Le Cambodge s’est ouvert récemment au tourisme, tout le monde aujourd’hui connait ce territoire essentiellement pour son grandiose Angkor et pour son pire côté, les Khmers Rouges et leur génocide. Mais nous le découvrons et apprenons sur ce pays au fur et à mesure de notre voyage, et là encore, il y a plus, il y a autre chose…
Notre premier arrêt se fait dans la ville de Siem Reap, située au nord du Lac Tonlé Sap, traversée par une rivière, entourée d’une campagne fourmillant de maisons sur pilotis, de rizières asséchées à cette période de l’année et servant de porte d’accès à un lieu prestigieux et historique, Angkor. Nous y restons 6 jours. Nous logeons dans un petit hôtel, le “Lovely Guest House”, trouvé grâce à l’aide d’un expatrié français, Frédéric. Celui-ci est propriétaire d’un restaurant, “Kanell”, et vit sur Siem Reap depuis 4 ans. Il nous met en contact avec un autre chef de cuisine, lui aussi français et lui aussi expatrié, qui gère la cuisine du plus bel hôtel de la ville “La Résidence d’Angkor” depuis 4 ans.
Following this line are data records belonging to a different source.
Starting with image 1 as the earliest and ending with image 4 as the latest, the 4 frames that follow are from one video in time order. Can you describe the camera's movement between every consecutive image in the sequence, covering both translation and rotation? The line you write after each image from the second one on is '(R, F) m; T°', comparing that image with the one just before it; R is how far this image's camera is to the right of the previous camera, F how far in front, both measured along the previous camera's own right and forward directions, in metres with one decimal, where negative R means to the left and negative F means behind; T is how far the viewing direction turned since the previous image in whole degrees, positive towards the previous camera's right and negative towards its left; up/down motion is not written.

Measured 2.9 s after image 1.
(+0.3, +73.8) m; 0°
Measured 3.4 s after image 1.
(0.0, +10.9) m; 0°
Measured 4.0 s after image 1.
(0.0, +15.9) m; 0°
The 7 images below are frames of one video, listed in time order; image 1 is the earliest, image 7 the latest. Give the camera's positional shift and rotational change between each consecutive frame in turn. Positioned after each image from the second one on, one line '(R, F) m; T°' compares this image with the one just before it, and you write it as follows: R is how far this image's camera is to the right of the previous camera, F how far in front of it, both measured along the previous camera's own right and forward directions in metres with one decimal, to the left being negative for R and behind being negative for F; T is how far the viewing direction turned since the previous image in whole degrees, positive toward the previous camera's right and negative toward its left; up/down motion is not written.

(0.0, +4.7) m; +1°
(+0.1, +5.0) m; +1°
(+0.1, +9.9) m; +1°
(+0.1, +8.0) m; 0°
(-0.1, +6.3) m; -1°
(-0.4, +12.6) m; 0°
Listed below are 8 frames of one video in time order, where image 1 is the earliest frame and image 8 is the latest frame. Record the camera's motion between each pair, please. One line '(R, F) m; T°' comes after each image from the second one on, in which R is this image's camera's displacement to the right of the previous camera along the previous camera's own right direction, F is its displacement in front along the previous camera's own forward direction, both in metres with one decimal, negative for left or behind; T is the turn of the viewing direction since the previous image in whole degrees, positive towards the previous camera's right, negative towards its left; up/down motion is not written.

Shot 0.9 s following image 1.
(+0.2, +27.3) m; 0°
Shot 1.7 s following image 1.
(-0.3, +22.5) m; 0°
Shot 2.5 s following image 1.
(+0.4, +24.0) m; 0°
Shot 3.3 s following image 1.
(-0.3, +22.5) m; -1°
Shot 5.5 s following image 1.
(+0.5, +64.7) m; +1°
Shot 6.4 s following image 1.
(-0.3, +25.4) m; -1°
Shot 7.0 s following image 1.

Nous faisons connaissance, alors, avec Alexis qui s’occupe de nous toute une journée, en commençant au matin par le petit tour au grand marché de Siem Reap, le “Psaar Leu”, puis avec un cours de cuisine magistral avec son second, Samorn, et nous terminons notre soirée ensemble dans quelques bars branchés de la ville en échangeant sur nos différentes vies. Nous les remercions beaucoup tous les trois!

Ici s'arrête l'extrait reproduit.